[Stored items from a collection]
···

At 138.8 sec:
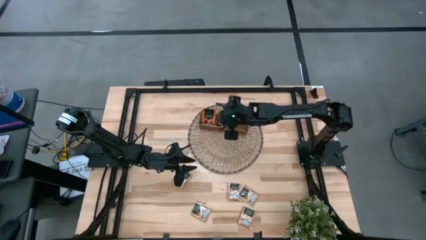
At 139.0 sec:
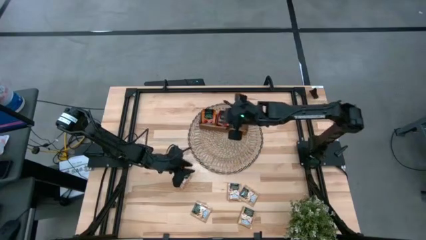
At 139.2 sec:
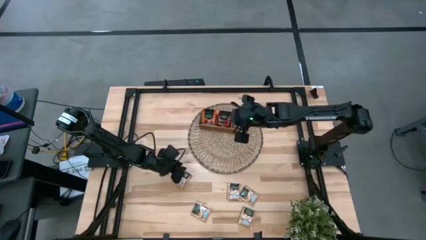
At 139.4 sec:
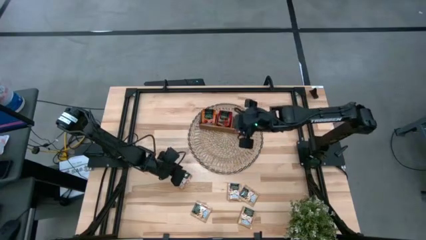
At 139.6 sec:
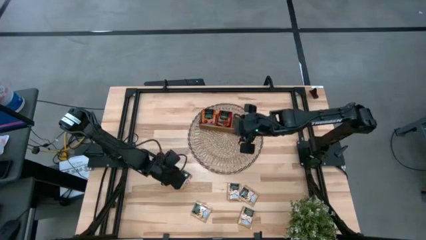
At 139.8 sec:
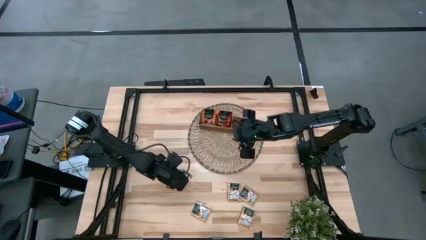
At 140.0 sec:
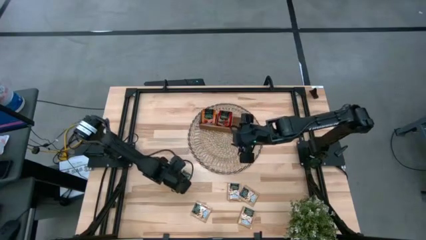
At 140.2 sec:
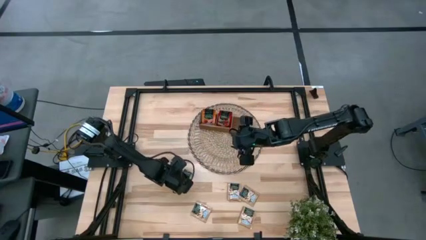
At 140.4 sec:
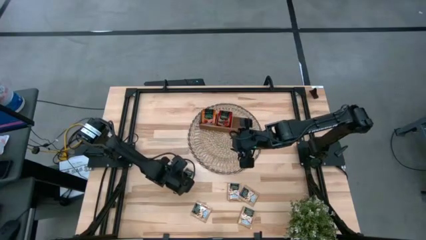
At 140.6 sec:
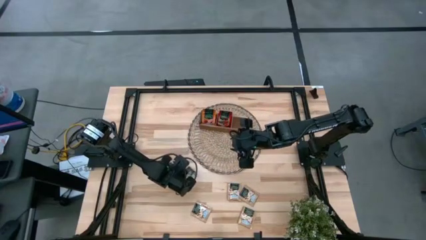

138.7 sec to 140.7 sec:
Put the brown tea bag into the right section of the wooden organizer

···

Assigned task:
Except for the pictures, set down all of the records exactly as they are.

Task response:
At 138.8 sec:
At 139.0 sec:
At 139.2 sec:
At 139.4 sec:
At 139.6 sec:
At 139.8 sec:
At 140.0 sec:
At 140.2 sec:
At 140.4 sec:
At 140.6 sec:

138.7 sec to 140.7 sec:
Put the brown tea bag into the right section of the wooden organizer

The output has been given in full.